TASK OBJECTIVE — Leave every picture out and write out the records below exactly.

** Opening EXERCISE INPUTS block **

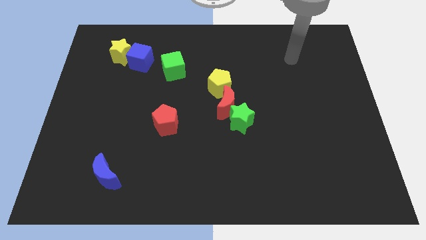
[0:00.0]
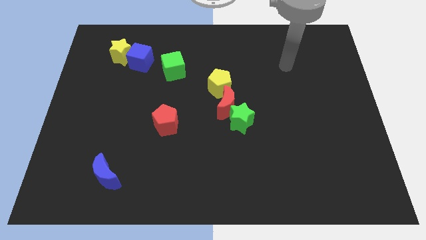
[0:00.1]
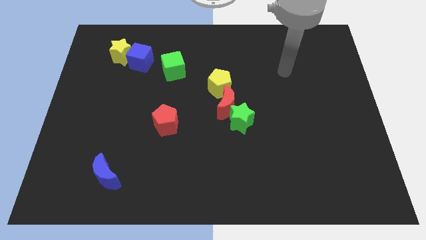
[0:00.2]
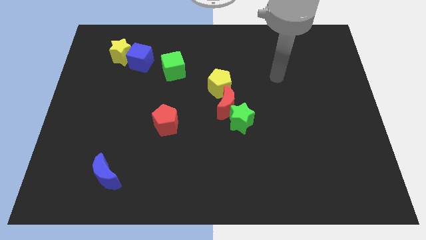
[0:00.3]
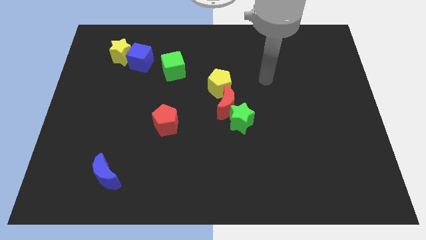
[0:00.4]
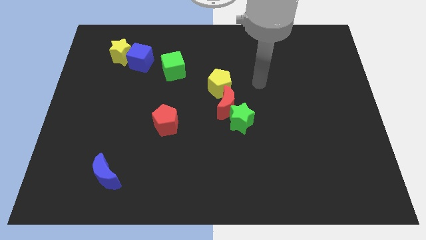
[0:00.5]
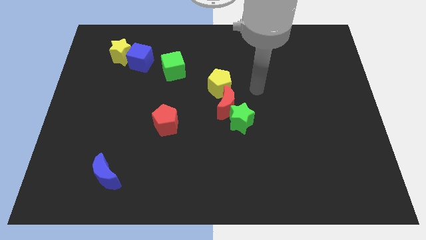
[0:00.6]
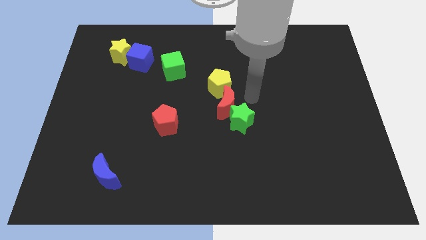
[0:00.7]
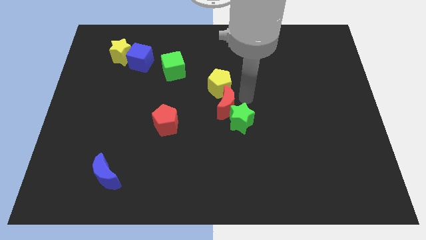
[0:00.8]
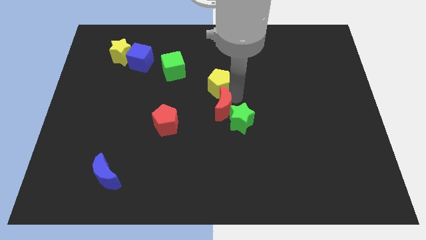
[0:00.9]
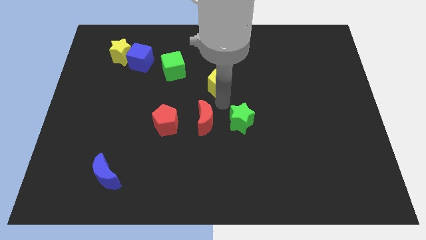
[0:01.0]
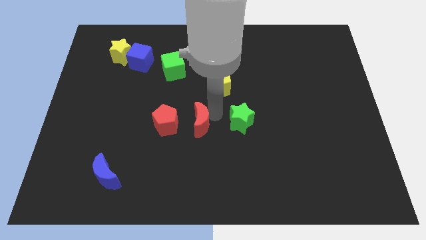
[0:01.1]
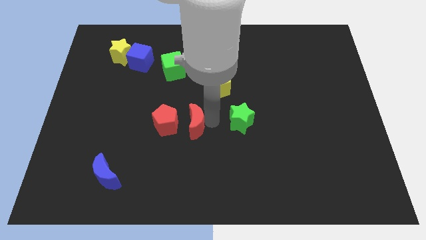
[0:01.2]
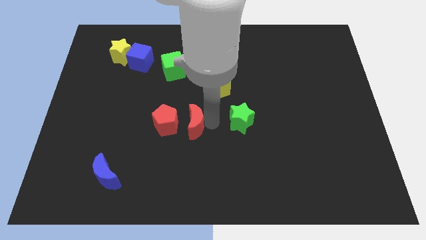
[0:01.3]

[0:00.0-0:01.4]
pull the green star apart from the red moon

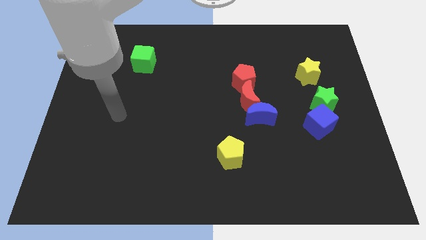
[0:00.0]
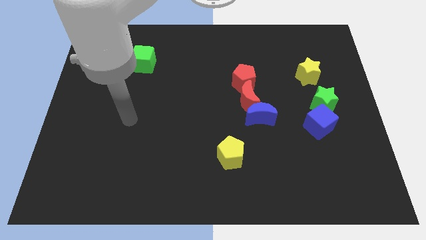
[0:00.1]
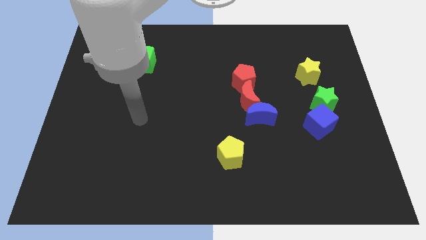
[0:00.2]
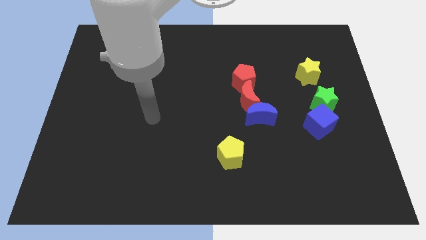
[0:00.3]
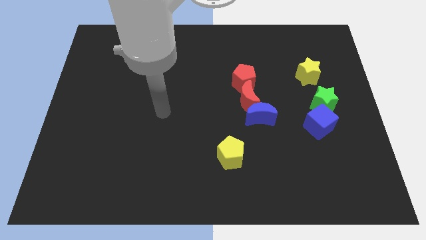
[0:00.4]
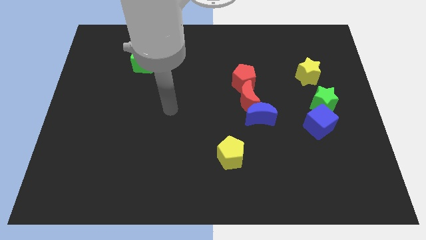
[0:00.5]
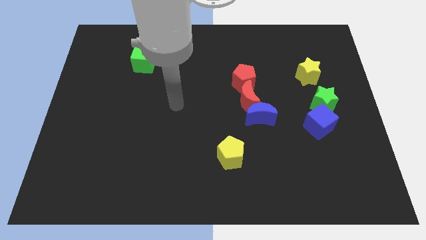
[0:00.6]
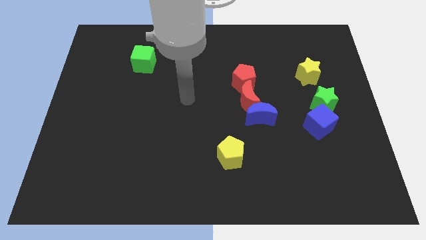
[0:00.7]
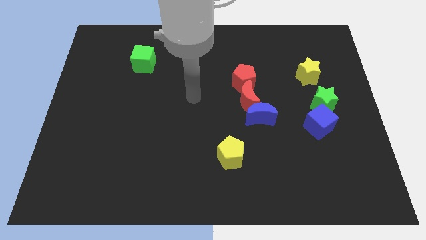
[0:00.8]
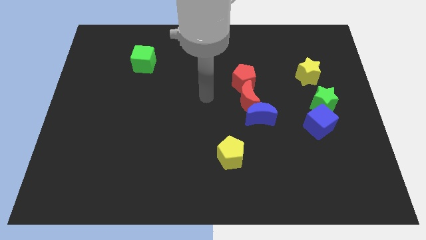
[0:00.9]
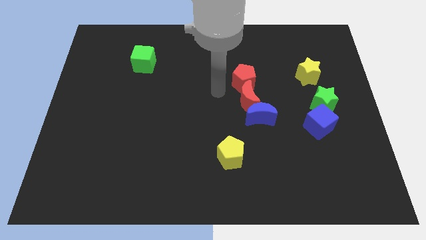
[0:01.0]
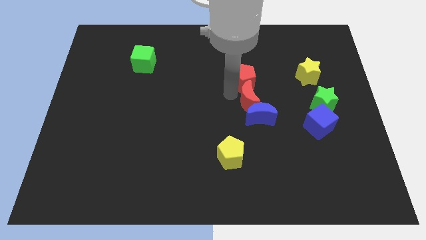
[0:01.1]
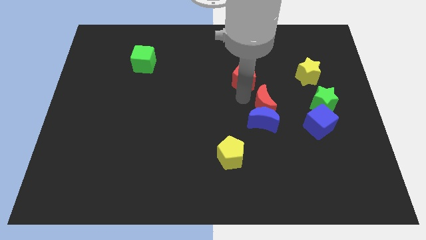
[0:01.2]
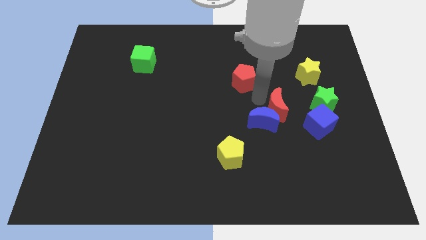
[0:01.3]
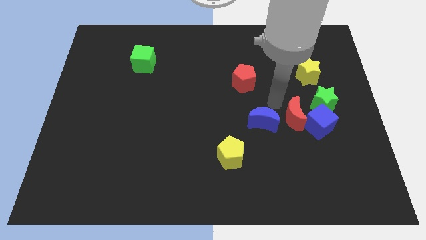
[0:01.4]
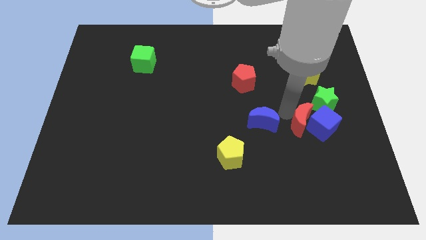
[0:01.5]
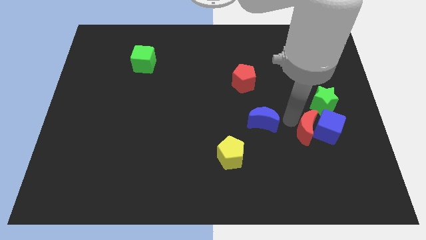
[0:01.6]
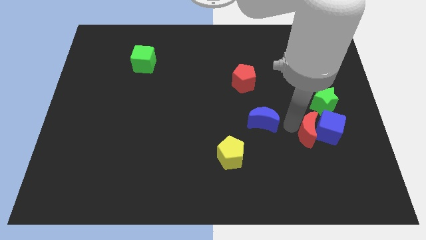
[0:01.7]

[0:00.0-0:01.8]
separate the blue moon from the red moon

** Closing EXERCISE INPUTS block **

RESPONSE BELOW —
[0:00.0]
[0:00.1]
[0:00.2]
[0:00.3]
[0:00.4]
[0:00.5]
[0:00.6]
[0:00.7]
[0:00.8]
[0:00.9]
[0:01.0]
[0:01.1]
[0:01.2]
[0:01.3]

[0:00.0-0:01.4]
pull the green star apart from the red moon

[0:00.0]
[0:00.1]
[0:00.2]
[0:00.3]
[0:00.4]
[0:00.5]
[0:00.6]
[0:00.7]
[0:00.8]
[0:00.9]
[0:01.0]
[0:01.1]
[0:01.2]
[0:01.3]
[0:01.4]
[0:01.5]
[0:01.6]
[0:01.7]

[0:00.0-0:01.8]
separate the blue moon from the red moon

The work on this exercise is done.